# Selling a car - do I keep the tag to put on my next vehicle?



## Buford_Dawg

Or do I leave it on the vehicle I sell.  This is a personal sale from a private individual to another private individual.  I know if I trade in my car at a car dealership and buy a new one, I just transfer the tag, but not sure if I am private selling it.  This would be in Gwinnett county.  Thanks for any help.


----------



## Snakeman

Yes.  You keep the tag, and if you purchase another vehicle within 30 days, you transfer that tag to the new vehicle.  If you don't purchase within 30 days, you are supposed to notify the tag office to cancel the tag.

The Snakeman


----------



## letsemwalk

snakeman is right, it costs about 20 - 25 dollars to transfer the tag.


----------



## Buford_Dawg

*Thanks for your answers*

I appreciate it.


----------



## dslary

*Private car sale*

Danger; Danger Will Robinson.  If you remember that old line from Lost in Space.  Make ABSOLUTELY sure that you give and get a bill of sale signed by you and the buyer with a witness signature as well.  Can't tell you how many times I've heard about someone selling a car and then getting arrested some time later for having a mountain of outstanding parking tickets, etc. that the buyer incurred.  Seems the buyer didn't bother to transfer ownership.  The same can happen with boaters because it's so easy to just keep going on the current registration.

Good luck


----------



## leo

*Sounds good*



Snakeman said:


> Yes.  You keep the tag, and if you purchase another vehicle within 30 days, you transfer that tag to the new vehicle.  If you don't purchase within 30 days, you are supposed to notify the tag office to cancel the tag.
> 
> The Snakeman



I wonder if this applies to all tagged things ... like a trailer??


----------



## Swede

$5 for a transfer. If you are feeling very freindly you can let them ride around with your tag until they get theirs. May or may not run a red light with cameras. Guess who gets the ticket?


----------



## win280

Best to go to the Dmv and transfer title together(seller and buyer)
That way both parties know it is going to be transfered and not have a problem later.
I ran an impound yard and you wouldn't believe the issues with tags and titles if they are not transferred correctly.


----------



## DoeMaster

*Re: Vehicle Tag Transfer in GA*

The tag stays with you in GA.  I wouldn't let anyone drive off with your tag on a sold vehicle.  You either keep it until it expires or for $5 you can transfer it to another vehicle you own.


----------



## HUNTIN4LIFE

Make sure you get it transfered first before you put it on the vehicle or you could be looking at a citation.  If you don't have it transfered, you need to drive the vehicle, are within your 30 days to obtain registration, and have a bill of sale to prove it then drive without a tag on the vehicle.  You might get stopped but it will all be good with the proper paperwork in hand.


----------



## opie44

Ran into the same problem, with my new truck...bought it from an individual so there was no dealer tag(and the tag office wouln't give me a temp tag)....asked one Gwinnett county police officer and he said to take the tag off my old truck and put it on the new one until I got it transfered....I asked another Gwinnett cop and he said that I make a tag showing the purchase date and that the previous cop was wrong....

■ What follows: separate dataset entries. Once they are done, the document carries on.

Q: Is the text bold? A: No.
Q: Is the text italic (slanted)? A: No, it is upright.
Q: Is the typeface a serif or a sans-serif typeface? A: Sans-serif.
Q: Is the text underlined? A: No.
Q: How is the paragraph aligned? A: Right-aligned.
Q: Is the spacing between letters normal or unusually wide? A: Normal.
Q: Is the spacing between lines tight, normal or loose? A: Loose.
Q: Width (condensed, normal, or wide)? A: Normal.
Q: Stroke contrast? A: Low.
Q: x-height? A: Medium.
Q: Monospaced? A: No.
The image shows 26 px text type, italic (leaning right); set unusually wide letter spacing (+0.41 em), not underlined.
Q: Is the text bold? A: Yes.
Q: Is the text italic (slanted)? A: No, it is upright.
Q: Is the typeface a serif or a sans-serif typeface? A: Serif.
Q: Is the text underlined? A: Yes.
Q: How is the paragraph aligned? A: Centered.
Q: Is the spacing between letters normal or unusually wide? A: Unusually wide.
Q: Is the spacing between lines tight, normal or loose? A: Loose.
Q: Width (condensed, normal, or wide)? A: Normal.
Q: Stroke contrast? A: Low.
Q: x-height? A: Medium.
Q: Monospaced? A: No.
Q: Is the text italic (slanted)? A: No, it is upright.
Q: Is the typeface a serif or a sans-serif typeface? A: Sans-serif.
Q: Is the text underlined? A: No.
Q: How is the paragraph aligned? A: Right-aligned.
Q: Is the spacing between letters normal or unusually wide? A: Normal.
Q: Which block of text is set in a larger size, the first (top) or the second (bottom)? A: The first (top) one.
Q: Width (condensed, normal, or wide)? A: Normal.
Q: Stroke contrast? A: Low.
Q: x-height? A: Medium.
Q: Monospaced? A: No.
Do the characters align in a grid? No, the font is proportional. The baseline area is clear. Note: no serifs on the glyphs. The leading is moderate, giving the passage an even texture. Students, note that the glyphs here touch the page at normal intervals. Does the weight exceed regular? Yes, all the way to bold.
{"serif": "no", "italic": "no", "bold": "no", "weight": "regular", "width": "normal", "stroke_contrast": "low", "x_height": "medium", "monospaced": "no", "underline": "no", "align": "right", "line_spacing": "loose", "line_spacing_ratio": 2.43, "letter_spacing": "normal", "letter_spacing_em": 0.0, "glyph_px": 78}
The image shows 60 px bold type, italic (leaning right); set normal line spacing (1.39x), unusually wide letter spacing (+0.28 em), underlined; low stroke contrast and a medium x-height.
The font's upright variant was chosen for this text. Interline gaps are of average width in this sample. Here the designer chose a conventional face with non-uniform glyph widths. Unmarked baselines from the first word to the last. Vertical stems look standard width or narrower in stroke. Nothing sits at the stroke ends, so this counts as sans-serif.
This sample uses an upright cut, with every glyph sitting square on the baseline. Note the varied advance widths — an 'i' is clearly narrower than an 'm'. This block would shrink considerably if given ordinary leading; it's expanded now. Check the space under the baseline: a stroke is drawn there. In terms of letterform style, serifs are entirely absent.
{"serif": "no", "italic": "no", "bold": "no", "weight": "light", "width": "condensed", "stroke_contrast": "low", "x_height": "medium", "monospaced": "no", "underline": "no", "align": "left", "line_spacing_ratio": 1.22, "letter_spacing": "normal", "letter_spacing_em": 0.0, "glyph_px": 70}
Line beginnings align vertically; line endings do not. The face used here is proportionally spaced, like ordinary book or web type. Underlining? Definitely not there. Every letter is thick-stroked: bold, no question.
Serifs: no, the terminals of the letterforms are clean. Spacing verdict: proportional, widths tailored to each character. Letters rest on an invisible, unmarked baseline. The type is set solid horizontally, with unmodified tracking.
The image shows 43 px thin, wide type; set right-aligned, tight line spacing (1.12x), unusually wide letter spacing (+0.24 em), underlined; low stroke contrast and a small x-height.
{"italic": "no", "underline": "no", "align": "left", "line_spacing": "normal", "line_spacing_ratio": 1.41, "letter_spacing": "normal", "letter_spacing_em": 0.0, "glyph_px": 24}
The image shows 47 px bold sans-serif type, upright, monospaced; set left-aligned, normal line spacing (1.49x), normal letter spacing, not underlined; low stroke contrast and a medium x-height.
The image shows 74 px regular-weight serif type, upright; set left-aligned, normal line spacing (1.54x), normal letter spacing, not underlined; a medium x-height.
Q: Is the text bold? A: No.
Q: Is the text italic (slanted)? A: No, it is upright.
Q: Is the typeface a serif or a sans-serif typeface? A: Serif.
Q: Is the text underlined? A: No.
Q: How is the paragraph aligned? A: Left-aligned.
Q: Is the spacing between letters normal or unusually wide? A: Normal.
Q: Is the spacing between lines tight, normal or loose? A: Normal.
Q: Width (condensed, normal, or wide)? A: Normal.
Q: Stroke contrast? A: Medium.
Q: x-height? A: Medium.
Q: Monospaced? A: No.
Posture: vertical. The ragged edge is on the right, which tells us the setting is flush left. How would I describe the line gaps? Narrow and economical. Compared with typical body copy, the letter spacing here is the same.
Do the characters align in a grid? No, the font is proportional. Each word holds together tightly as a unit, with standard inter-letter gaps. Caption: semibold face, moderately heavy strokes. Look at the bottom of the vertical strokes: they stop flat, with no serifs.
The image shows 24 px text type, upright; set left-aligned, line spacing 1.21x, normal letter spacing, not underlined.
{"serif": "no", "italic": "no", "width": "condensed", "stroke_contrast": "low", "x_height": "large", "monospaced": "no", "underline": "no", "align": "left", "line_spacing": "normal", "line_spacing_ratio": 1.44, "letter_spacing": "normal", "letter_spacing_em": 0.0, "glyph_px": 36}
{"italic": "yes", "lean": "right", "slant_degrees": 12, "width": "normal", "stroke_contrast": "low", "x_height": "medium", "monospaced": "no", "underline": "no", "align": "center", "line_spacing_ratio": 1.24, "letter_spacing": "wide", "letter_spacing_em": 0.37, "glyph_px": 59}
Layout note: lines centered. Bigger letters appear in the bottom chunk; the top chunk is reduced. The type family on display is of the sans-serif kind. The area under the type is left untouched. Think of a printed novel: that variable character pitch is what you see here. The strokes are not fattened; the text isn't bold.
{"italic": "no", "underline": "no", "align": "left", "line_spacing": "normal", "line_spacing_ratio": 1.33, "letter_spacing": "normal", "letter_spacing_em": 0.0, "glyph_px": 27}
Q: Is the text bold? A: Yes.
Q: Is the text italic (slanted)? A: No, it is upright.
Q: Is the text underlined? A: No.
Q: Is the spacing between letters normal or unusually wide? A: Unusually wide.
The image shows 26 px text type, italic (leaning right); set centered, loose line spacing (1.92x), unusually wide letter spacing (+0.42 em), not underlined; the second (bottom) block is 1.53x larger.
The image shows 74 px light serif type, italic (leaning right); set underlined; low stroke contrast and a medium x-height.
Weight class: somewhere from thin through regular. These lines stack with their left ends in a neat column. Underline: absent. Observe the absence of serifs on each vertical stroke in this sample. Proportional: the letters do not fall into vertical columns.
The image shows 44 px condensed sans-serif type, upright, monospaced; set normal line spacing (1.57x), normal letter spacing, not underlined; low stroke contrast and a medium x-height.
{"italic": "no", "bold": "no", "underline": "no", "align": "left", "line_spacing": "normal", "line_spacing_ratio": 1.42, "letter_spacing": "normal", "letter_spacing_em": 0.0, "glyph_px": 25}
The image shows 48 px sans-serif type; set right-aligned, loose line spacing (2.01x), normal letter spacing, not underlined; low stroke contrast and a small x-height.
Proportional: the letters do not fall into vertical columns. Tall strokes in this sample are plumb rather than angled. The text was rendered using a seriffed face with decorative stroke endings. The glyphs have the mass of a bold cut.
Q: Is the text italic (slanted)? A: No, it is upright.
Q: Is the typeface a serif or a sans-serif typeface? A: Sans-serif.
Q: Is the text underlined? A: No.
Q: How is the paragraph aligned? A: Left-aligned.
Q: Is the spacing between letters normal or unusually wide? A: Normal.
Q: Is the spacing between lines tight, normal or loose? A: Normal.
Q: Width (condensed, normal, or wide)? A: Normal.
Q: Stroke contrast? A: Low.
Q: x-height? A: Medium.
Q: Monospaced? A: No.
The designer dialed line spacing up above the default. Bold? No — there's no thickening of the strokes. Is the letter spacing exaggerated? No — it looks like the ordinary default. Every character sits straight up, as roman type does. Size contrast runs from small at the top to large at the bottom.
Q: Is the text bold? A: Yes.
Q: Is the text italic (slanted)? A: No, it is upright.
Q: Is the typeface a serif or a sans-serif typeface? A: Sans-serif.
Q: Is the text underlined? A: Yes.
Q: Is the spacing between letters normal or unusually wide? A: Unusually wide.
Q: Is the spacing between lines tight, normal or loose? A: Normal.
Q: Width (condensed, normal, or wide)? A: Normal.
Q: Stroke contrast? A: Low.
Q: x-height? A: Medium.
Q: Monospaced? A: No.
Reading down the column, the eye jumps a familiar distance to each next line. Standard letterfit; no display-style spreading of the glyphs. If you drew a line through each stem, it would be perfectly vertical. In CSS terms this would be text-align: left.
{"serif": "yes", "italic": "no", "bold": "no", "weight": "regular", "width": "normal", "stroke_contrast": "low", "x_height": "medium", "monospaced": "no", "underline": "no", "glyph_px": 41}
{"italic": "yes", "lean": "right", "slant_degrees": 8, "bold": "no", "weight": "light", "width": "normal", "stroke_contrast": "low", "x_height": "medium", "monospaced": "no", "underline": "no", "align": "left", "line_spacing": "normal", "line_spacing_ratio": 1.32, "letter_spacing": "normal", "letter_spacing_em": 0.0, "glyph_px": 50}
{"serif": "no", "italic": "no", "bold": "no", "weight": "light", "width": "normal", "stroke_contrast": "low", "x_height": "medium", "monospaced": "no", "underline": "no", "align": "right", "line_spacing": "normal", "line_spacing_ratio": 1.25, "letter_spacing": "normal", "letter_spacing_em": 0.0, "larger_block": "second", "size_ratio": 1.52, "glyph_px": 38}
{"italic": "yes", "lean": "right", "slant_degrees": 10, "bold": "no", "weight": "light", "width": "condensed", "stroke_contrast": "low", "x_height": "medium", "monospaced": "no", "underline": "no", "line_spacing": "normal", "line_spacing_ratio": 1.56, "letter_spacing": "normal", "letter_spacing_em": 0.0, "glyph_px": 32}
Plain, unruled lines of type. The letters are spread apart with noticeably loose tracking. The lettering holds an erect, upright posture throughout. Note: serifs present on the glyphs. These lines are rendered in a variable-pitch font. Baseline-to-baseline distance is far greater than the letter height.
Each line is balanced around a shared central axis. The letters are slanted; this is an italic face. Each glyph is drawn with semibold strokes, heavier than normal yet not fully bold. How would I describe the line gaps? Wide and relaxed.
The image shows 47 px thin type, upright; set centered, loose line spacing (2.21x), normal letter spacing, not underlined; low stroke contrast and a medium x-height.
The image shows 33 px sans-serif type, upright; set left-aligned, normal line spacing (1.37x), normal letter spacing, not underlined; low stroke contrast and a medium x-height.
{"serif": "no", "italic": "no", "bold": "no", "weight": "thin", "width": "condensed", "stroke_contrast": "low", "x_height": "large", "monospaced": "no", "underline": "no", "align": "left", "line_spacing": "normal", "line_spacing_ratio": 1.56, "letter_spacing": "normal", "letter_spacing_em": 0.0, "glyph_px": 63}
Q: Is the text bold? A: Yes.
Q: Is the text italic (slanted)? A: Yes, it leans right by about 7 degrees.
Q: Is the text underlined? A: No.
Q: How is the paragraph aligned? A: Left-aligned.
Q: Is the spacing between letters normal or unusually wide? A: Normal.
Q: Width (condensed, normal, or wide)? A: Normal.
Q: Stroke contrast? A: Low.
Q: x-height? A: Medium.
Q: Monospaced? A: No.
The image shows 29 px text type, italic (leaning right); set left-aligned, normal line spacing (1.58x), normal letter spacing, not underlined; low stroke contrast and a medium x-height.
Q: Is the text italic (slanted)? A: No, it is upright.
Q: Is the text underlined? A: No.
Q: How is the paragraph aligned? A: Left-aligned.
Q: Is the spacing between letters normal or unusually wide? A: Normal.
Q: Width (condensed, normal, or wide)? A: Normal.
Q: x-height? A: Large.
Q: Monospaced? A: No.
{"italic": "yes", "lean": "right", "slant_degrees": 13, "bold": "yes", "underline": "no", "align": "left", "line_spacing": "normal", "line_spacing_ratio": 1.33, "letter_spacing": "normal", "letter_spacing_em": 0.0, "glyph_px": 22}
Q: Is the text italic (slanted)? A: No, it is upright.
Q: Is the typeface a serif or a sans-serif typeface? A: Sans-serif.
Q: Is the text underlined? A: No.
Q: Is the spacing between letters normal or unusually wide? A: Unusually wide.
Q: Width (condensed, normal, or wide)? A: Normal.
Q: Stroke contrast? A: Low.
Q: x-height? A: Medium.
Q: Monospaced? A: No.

Finally looked up the tag laws in GA and found that they conflicted each other....one law states you HAVE to have a tag on your vehicle at all time...another law states that you have 30 days from the date of purchase to get your tag transfered/or buy a new tag... I know a bunch of gwinnett county cops through my road construction job and most of them said as long as they have a bill of sale, they will be ok...


----------



## ch035

i am a dealer and to my knowledge the tagis registered to you and 1 vehicle. It is unlawful to place a tag on one car that is registered to another. Private party sales are given a short grace period to get their tag switched over and when you get pulled over you just need to show a proof of purchase.


----------



## HUNTIN4LIFE

ch035 said:


> i am a dealer and to my knowledge the tagis registered to you and 1 vehicle. It is unlawful to place a tag on one car that is registered to another. Private party sales are given a short grace period to get their tag switched over and when you get pulled over you just need to show a proof of purchase.



That is correct


----------